In the Gamma Software:
The MIP solver used is liblpsolve
In pygamma-agreement:
The MIP solver used is GLPK
, or the faster CBC
if it is installed.
Although this doesn’t weight on the value of gamma, it slightly does on gamma-cat and gamma-k’s. Thus, there is no way to obtain for sure the same results as the Gamma Software for gamma-cat/k.
How to obtain the results from the Gamma Software
This part explains how one can obtain an almost similar output as the Gamma Software using pygamma-agreement
.
The two main differences being :
Sampler
The sampler pygamma-agreement
uses by default is not the one described in [mathet2015]. Our sampler collects
statistical data about the input continuum (averages / standard deviation of several values such as length of
annotations), used then to generate the samples. We made this choice because we felt that their sampler, which simply
re-shuffles the input continuum, was unconvincing for the need of ‘true’ randomness.
To re-activate their sampler, you can use the --mathet-sampler
(or -m
) option when using the command line, or
manually set the sampler used for computing the gamma agreement in python :
from pygamma_agreement import ShuffleContinuumSampler
...
gamma_results = continuum.compute_gamma(sampler=ShuffleContinuumSampler(),
precision_level=0.01)
Alpha value
The Gamma Software uses \(\alpha=3\) in the combined categorical dissimilarity.
To set it in the command line interface, simply use the --alpha 3
(or -a 3
) option.
In python, you need to manually create the combined categorical dissimilarity with the alpha=3
parameter.
dissim = CombinedCategoricalDissimilarity(alpha=3)
gamma_results = continuum.compute_gamma(dissim,
sampler=ShuffleContinuumSampler(),
precision_level=0.01)
Bugs in former versions of pygamma-agreement
This section adresses fatal errors in release 0.1.6 of pygamma-agreement
, whose consequences were a wrong
output for gamma or other values.
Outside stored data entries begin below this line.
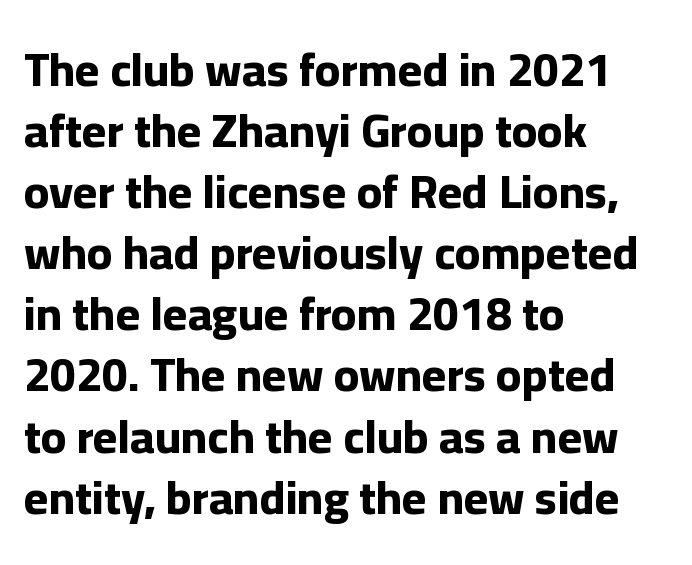
Q: Is the text bold? A: Yes.
Q: Is the text italic (slanted)? A: No, it is upright.
Q: Is the typeface a serif or a sans-serif typeface? A: Sans-serif.
Q: Is the text underlined? A: No.
Q: How is the paragraph aligned? A: Left-aligned.
Q: Is the spacing between letters normal or unusually wide? A: Normal.
Q: Is the spacing between lines tight, normal or loose? A: Normal.
Q: Width (condensed, normal, or wide)? A: Normal.
Q: Stroke contrast? A: Low.
Q: x-height? A: Medium.
Q: Monospaced? A: No.
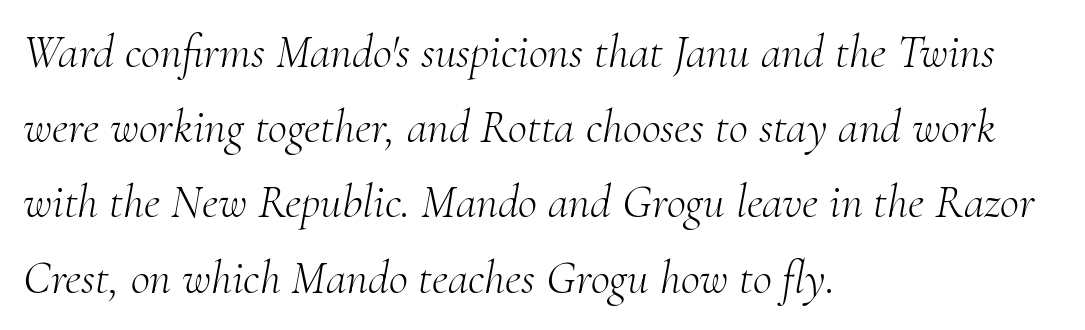
Tracking here is standard; glyphs follow each other at the usual distance. Letterform terminals end in serifs throughout the passage. Decoration check: the copy has no underline. All the whitespace from short lines collects on the right.
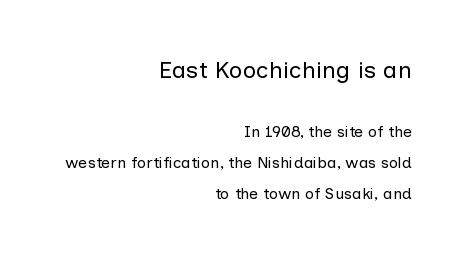
{"italic": "no", "bold": "no", "underline": "no", "align": "right", "line_spacing": "loose", "line_spacing_ratio": 1.95, "letter_spacing": "normal", "letter_spacing_em": 0.0, "larger_block": "first", "size_ratio": 1.5, "glyph_px": 24}

Those have been fixed in version 1.0.0.
1. Average number of annotations per annotator
In [mathet2015], section 4.3, a value is defined as such:
“let \(\bar{x}={\frac{\sum_{i=1}^{n}x_i}{n}}\) be the average number of annotations per annotator”
A misreading made us interpret this value as the total number of annotations in the continuum. Thus, the values
calculated by pygamma-agreement
were strongly impacted (a difference as big as 0.2 for small continua).
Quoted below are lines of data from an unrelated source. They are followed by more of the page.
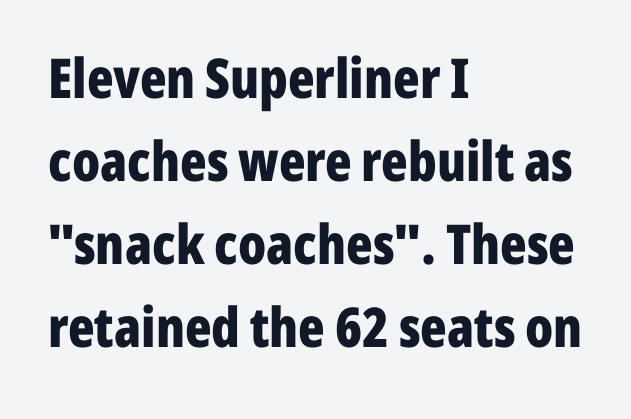
{"serif": "no", "italic": "no", "bold": "yes", "weight": "bold", "width": "condensed", "stroke_contrast": "low", "x_height": "medium", "monospaced": "no", "underline": "no", "align": "left", "line_spacing": "normal", "line_spacing_ratio": 1.51, "letter_spacing": "normal", "letter_spacing_em": 0.0, "glyph_px": 55}
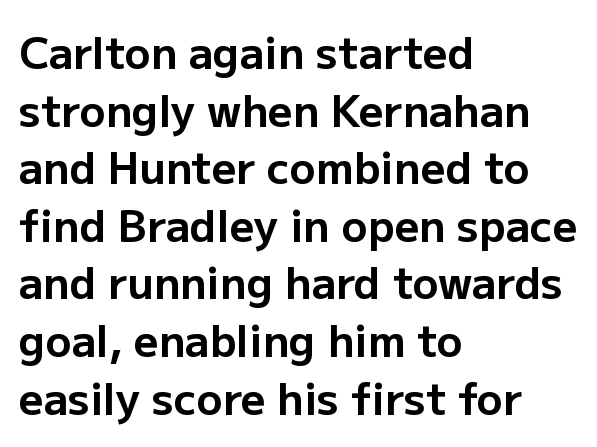
A typesetter would call this proportional, since set widths differ per character. The lines are quadded left. What stands out about the letter spacing? Nothing — it is the standard amount. Regarding serifs, this sample does without them.
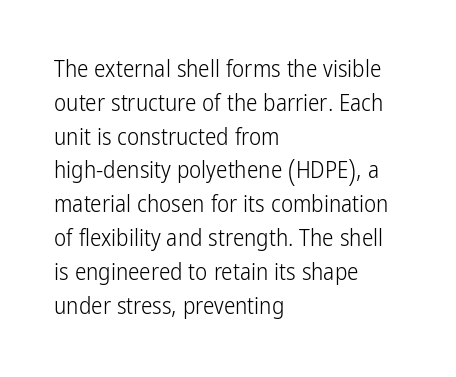
Just letters on the line, the space beneath them empty. Evenly set lines give the paragraph a standard silhouette. Heft: none added — not bold. Notice how the passage keeps a crisp vertical edge on the left only. No extra tracking has been applied to these lines. A roman cut, with each character standing at attention.
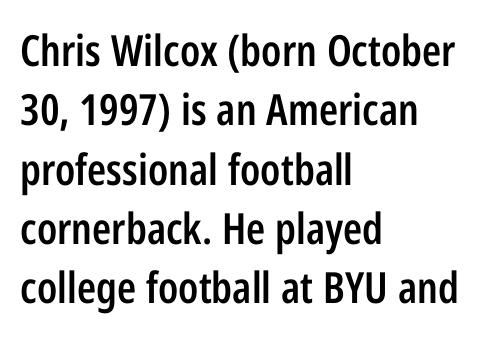
The rendering shows plain stroke endings on the letterforms — a sans-serif design. Visually the block forms a straight wall on the left and a jagged coastline on the right. Rendered with straight, roman letterforms. The words here are not underlined. Is this a fixed-width face? No — the glyphs have proportional, varying widths.

2. Minimal distance between pivots
In [mathet2015], section 5.2.1, Mathet et Al. explain their method of sampling continuua by shuffling the reference continuum using random shift positions; and they specify a constraint on those positions :
“To limit this phenomenon, we do not allow the distance between two shifts to be less than the average length of units.”
In the previous version of the library, we overlooked this specificity of the sampling algorithm, which made the gamma values slightly bigger than expected (even after correction of the previous, far more impactful error).